Published 01/05/2017 at 08:27 GMT

Like Joshua and Klitschko, Antonio Conte is bucking a trend by ditching the tough talk to win titles. Dan Levene on Chelsea's new style of winner.

Tottenham manager Mauricio Pochettino and Chelsea manager Antonio Conte before the match

Image credit: Reuters

In a sport where the verbal joust has become bigger box office than the punch landed, it was refreshing to see two men let their sport do the talking. And the world heavyweight boxing this weekend wasn't bad either.
While those lower down the table found any reason to be aggrieved – the refereeing, the fixture list, the opponent, the weather – the Premier League's top two bosses continued to play out perhaps the nicest and most mutually respectful title battle in the history of the Premier League.
Football has become accustomed to its heavyweight bosses talking the talk as well as walking the walk. In a large part that is borne out of the Sir Alex Ferguson years: an era of combative relations between the leading manager and the media, where Muhammad Ali-style tough talk was the order of the day.
Because Sir Alex was the greatest in his time, just like Ali, a whole generation saw fit to emulate him: if not on the pitch, or in the ring, then in front of the cameras.
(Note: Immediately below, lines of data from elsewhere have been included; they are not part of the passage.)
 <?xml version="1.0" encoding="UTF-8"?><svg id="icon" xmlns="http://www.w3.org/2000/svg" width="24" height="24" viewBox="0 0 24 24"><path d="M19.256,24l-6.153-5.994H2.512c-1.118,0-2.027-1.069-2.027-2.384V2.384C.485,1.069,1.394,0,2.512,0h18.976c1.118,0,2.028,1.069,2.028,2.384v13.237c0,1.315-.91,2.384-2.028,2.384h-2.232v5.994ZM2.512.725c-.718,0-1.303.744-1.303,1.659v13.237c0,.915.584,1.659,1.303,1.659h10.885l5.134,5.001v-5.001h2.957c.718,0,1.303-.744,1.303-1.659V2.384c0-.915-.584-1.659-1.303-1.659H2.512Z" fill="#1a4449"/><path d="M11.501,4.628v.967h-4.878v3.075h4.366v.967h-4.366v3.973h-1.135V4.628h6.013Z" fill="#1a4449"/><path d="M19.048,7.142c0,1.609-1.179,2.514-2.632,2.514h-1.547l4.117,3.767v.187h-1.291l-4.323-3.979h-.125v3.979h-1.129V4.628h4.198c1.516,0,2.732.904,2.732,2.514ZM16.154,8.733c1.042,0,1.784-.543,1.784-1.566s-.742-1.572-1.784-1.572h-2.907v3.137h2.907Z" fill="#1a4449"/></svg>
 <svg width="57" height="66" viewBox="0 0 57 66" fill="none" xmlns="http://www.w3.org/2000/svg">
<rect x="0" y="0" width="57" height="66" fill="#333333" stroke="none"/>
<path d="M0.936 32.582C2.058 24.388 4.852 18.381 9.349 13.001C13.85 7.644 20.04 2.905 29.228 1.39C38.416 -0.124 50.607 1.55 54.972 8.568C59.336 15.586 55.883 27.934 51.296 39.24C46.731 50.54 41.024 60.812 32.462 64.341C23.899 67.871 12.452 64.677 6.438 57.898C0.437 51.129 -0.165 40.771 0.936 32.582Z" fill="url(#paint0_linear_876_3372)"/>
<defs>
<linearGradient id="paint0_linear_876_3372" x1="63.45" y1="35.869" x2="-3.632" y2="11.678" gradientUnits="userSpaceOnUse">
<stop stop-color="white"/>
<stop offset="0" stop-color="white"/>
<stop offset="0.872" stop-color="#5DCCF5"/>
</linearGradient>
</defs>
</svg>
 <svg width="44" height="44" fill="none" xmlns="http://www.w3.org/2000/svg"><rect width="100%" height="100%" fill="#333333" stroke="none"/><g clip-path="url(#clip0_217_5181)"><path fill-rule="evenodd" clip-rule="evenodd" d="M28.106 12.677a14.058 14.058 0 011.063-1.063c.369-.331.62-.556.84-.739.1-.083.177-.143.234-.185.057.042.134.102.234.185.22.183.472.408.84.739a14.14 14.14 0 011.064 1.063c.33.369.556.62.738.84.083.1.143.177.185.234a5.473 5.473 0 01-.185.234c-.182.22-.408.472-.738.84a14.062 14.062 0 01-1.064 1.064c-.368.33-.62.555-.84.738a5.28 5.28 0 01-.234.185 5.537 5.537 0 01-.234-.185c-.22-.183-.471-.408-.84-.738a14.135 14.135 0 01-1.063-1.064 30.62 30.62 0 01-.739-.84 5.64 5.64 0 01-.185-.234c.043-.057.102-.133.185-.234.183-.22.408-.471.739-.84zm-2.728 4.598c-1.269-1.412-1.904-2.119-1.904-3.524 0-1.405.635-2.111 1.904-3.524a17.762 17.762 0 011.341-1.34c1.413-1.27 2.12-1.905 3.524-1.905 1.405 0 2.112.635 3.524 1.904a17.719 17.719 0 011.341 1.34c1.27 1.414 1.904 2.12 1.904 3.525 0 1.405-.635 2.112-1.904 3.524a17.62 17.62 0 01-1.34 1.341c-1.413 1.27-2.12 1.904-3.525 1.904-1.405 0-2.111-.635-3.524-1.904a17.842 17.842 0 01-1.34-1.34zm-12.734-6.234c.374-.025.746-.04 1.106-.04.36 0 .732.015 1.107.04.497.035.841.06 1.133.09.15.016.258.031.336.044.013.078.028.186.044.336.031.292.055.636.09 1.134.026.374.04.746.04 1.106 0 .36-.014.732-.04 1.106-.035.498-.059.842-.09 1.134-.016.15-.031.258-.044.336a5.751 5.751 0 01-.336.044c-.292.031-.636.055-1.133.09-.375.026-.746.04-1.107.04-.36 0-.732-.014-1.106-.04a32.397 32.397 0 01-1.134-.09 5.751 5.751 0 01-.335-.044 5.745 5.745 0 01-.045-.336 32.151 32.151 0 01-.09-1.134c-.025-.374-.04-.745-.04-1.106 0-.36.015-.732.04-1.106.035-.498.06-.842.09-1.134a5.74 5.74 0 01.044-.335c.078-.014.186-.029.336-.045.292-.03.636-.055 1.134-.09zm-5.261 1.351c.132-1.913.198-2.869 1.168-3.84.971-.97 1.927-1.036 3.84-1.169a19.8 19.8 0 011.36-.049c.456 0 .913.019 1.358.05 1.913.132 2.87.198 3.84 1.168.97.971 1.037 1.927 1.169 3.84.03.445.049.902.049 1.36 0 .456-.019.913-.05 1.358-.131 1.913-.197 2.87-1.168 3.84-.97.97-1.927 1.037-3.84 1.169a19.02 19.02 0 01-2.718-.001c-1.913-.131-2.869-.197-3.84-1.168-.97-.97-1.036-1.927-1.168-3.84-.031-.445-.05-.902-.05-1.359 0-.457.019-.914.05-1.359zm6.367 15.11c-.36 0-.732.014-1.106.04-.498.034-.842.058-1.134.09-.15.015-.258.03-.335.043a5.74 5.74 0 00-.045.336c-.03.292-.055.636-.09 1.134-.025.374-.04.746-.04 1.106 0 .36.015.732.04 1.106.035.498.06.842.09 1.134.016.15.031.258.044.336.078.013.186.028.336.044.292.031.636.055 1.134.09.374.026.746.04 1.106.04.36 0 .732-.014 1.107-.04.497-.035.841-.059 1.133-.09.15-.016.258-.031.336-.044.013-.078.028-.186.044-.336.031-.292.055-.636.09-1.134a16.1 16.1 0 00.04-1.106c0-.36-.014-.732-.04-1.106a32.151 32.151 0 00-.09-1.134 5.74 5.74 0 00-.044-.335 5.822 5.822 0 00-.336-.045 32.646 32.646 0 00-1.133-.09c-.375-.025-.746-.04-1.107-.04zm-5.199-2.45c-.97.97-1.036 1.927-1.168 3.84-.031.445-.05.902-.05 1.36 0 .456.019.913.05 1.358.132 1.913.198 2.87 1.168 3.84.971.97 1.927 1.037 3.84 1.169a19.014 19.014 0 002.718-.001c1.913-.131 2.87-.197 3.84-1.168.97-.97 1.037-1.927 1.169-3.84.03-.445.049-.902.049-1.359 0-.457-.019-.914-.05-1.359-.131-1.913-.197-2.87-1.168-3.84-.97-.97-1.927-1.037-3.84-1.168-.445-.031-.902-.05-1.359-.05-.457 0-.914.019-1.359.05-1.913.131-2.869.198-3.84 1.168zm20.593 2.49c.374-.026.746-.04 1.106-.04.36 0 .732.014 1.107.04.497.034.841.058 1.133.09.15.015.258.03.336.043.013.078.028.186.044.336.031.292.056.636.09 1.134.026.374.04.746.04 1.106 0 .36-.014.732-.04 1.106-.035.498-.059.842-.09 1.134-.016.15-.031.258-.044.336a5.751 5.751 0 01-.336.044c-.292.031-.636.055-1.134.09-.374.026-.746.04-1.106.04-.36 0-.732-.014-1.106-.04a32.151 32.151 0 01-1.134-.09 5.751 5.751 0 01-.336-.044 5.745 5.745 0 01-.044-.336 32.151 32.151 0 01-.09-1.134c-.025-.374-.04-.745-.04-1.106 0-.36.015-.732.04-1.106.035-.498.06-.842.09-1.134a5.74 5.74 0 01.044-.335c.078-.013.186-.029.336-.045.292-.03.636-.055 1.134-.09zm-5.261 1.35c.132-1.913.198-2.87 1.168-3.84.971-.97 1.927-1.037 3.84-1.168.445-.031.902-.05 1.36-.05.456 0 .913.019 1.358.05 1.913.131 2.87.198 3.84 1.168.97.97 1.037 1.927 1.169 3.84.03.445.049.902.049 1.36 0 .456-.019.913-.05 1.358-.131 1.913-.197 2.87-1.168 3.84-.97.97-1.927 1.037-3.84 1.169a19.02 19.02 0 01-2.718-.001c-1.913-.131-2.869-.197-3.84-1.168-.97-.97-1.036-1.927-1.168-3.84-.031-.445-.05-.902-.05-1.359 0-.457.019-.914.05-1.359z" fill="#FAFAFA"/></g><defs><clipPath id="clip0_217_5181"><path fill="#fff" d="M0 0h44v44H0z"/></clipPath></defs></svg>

It has become de rigeur, over the two-and-a-half decades of the Premier League's existence, to expect managers to be as combative for the tripod-mounted camera and the notebook as their teams are for the ticket-holding and subs-paying public.
In boxing, of course, we have seen an almost revolutionary, and quite welcome change to that: in the quiet, respectful build-up to Anthony Joshua v Wladimir Klitschko, and the fight-of-the-century (so far) standards displayed on the canvas over 11 rounds.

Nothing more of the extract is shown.